▶ **WHAT YOU ARE ASKED TO DO**
All of the data must be output exactly, with every picture left out.

▶ **STORED DATA**
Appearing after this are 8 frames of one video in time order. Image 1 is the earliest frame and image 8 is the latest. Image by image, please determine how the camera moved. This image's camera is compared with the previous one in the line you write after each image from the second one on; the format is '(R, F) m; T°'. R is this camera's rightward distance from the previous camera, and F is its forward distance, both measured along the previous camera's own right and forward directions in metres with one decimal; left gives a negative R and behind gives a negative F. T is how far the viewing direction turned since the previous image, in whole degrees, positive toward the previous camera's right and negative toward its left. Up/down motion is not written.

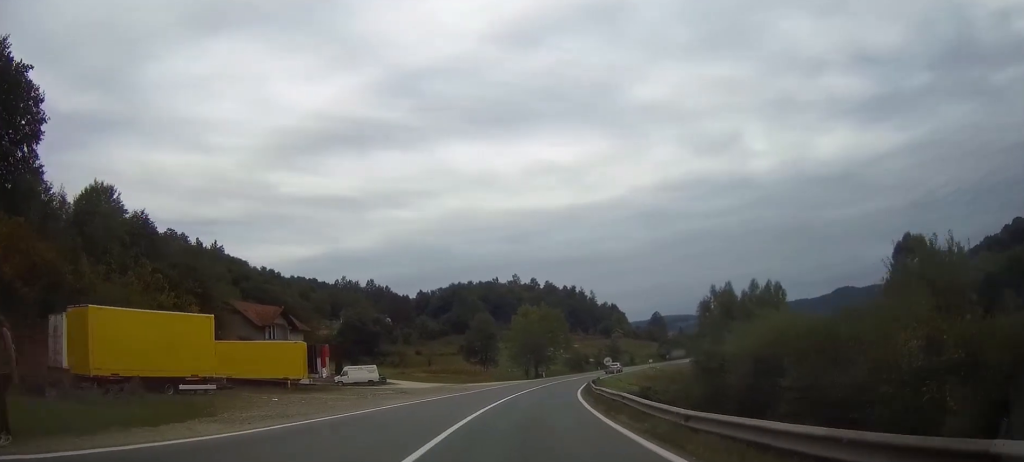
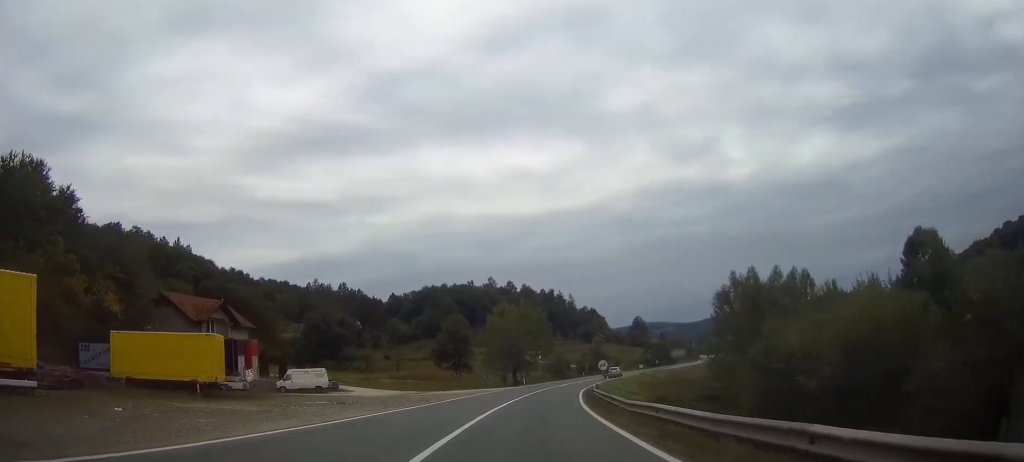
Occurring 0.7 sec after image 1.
(+0.2, +13.0) m; +2°
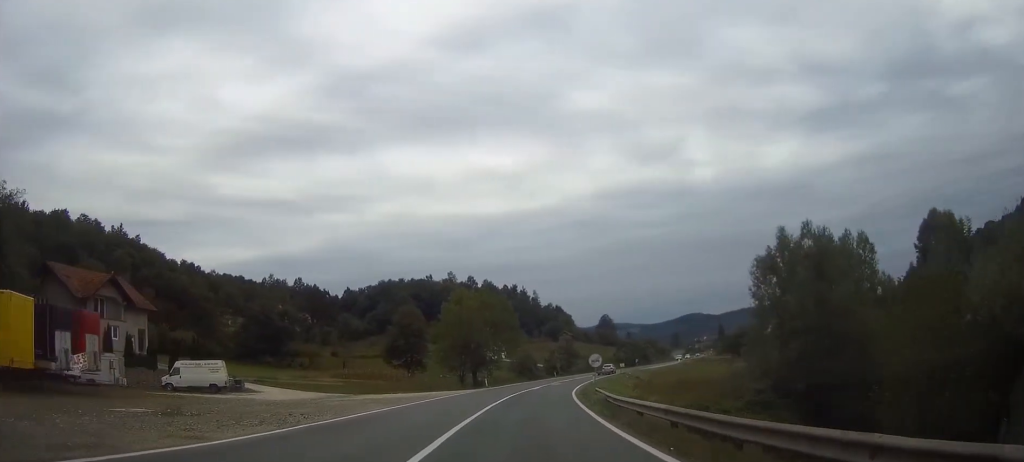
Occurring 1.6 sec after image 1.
(+0.5, +18.2) m; +3°
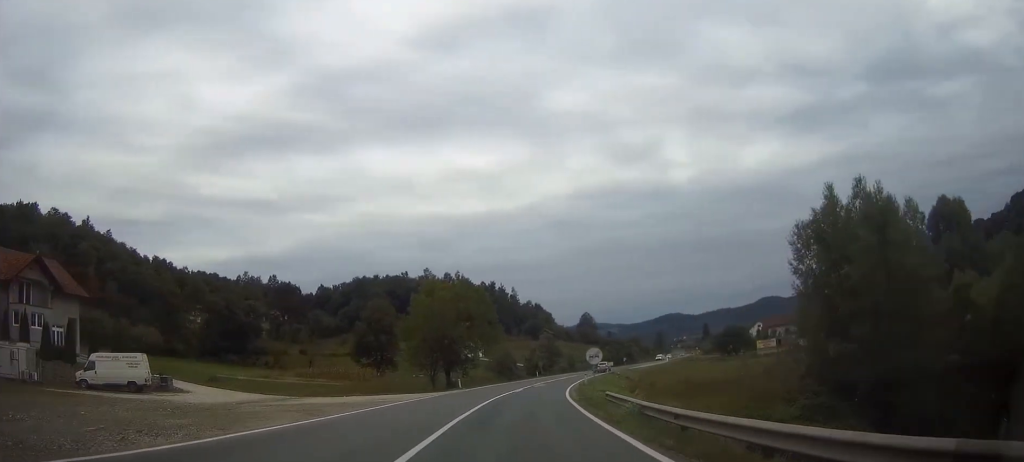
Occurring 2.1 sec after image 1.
(+0.1, +9.8) m; +2°
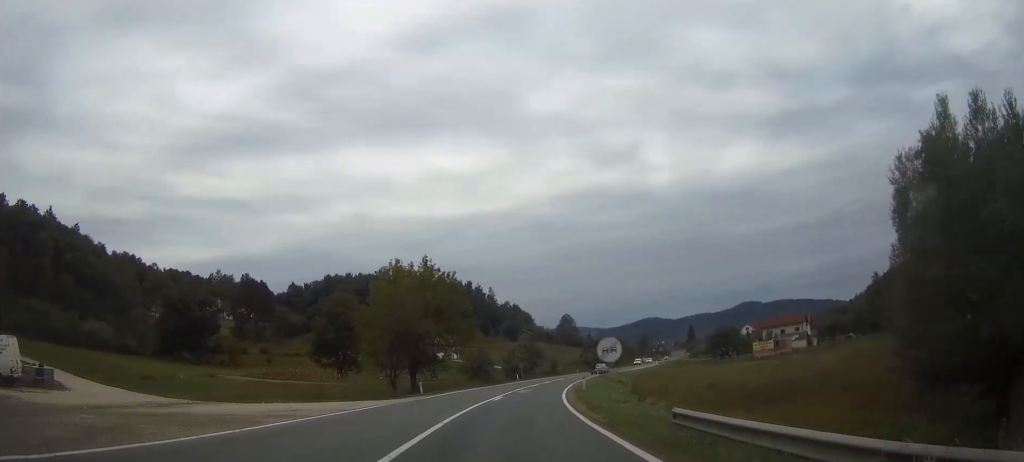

▶ **EXPECTED ANSWER**
Appearing after this are 8 frames of one video in time order. Image 1 is the earliest frame and image 8 is the latest. Image by image, please determine how the camera moved. This image's camera is compared with the previous one in the line you write after each image from the second one on; the format is '(R, F) m; T°'. R is this camera's rightward distance from the previous camera, and F is its forward distance, both measured along the previous camera's own right and forward directions in metres with one decimal; left gives a negative R and behind gives a negative F. T is how far the viewing direction turned since the previous image, in whole degrees, positive toward the previous camera's right and negative toward its left. Up/down motion is not written.

Occurring 0.7 sec after image 1.
(+0.2, +13.0) m; +2°
Occurring 1.6 sec after image 1.
(+0.5, +18.2) m; +3°
Occurring 2.1 sec after image 1.
(+0.1, +9.8) m; +2°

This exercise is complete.